Et l’on sait que c’est en retournant dans le sein maternel qui les avait jadis formés que les métaux vulgaires se changent en métaux philosophiques, on dit qu’ils sont réincrudés, c’est-à-dire remis dans un état voisin de leur état de perfection originelle ; ils sont devenus vivants ou philosophiques. N’est-ce pas là aussi un sens de notre passage par le cabinet de réflexion où, à l’issue d’un plongeon cosmogénétique, l’impétrant renaîtra fils de la Vierge, vivant et transmué ? On pourrait dire adoubé.

Pour les Celtes, la terre est la mère nourricière, féminine donc et enfantant les humains. Ils rendent dans leur culte hommage à la femme, en la déesse Bélisama, qui dans le panthéon celte, était la sœur de Belen, le grand dieu des Gaules et la personnification du Soleil, ce que la religion du crucifié récupéra avec la vierge Marie.

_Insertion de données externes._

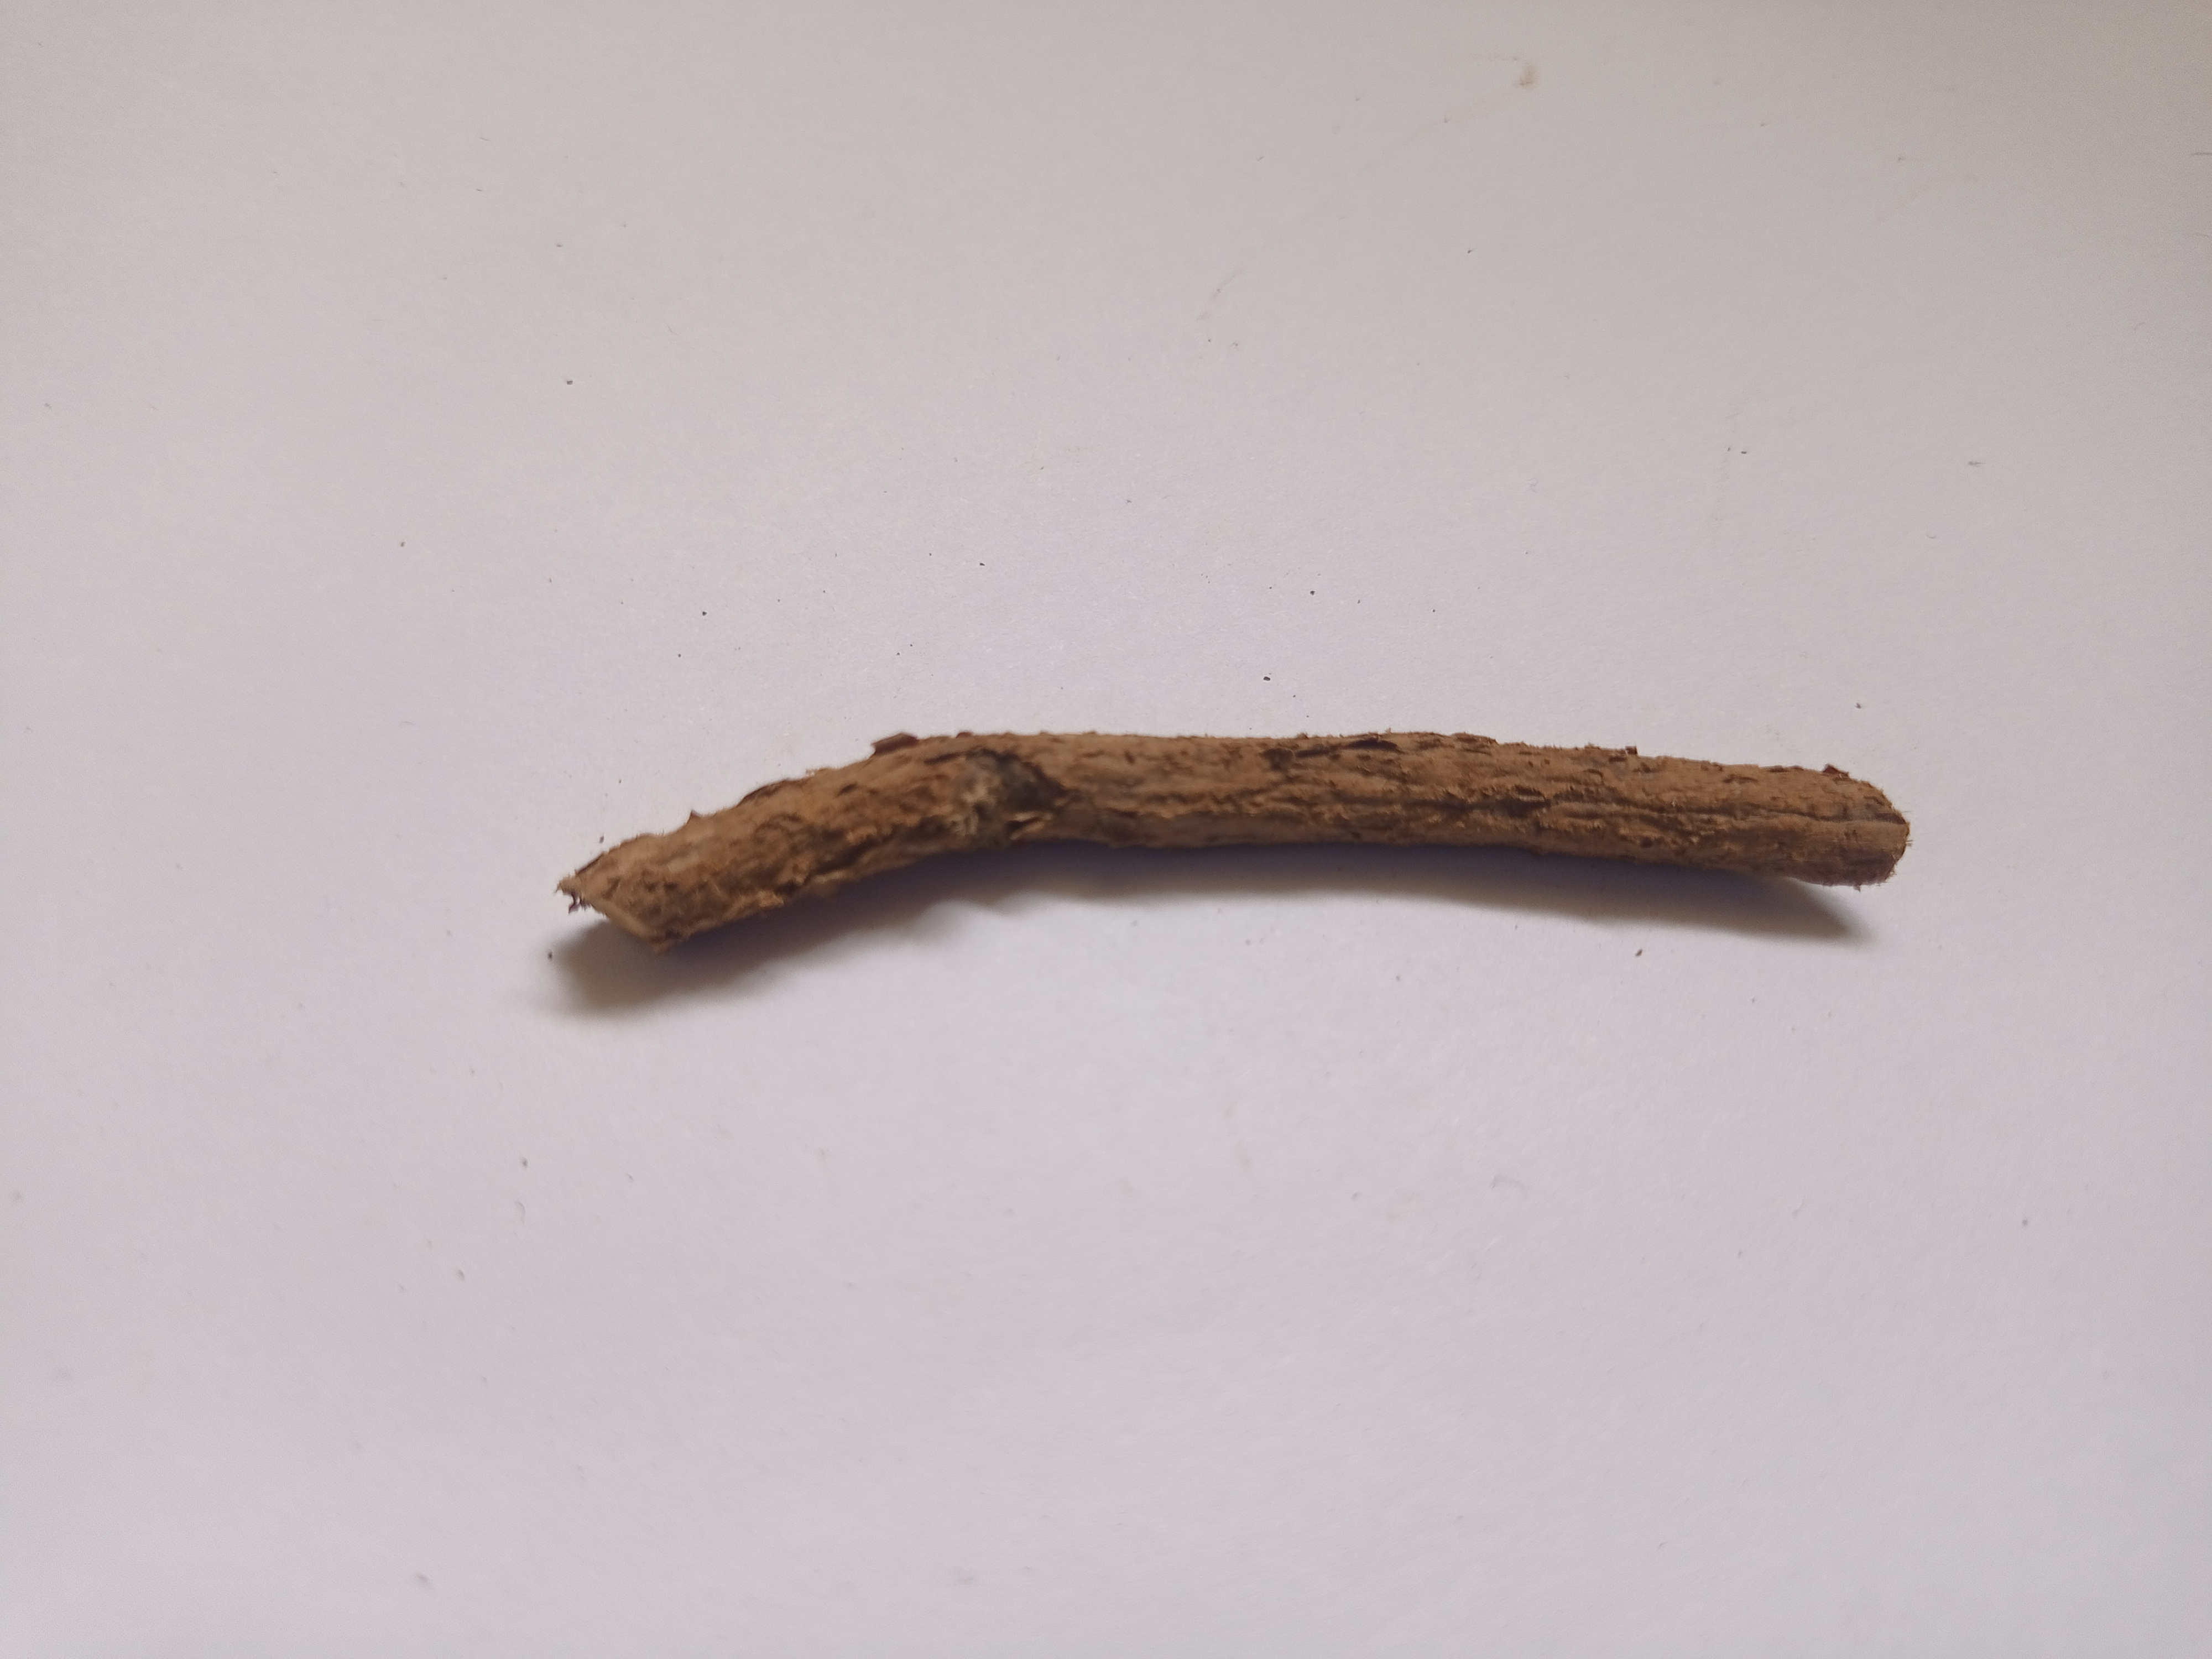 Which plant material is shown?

jesthamadh

À Chartres, bien longtemps avant la naissance du Christ, les Celtes honoraient «une vierge qui doit enfanter», qui deviendra une vierge noire avec les chrétiens. Le cube de Matière Noire est alors destiné à représenter symboliquement notre Mater noire, Mère Vierge en parthénogenèse, puisque pleine de potentiel de vie, phalliquement dressée, et organisant l’incubation humaine afin qu’il se fasse dieu. Autrefois, les Vierges noires étaient souvent représentées accompagnées de symboles phalliques. Les premières auraient d’ailleurs dérivé des … menhirs, qui eux aussi sont de la pierre, c’est-à-dire de la terre qui insémine la Terre.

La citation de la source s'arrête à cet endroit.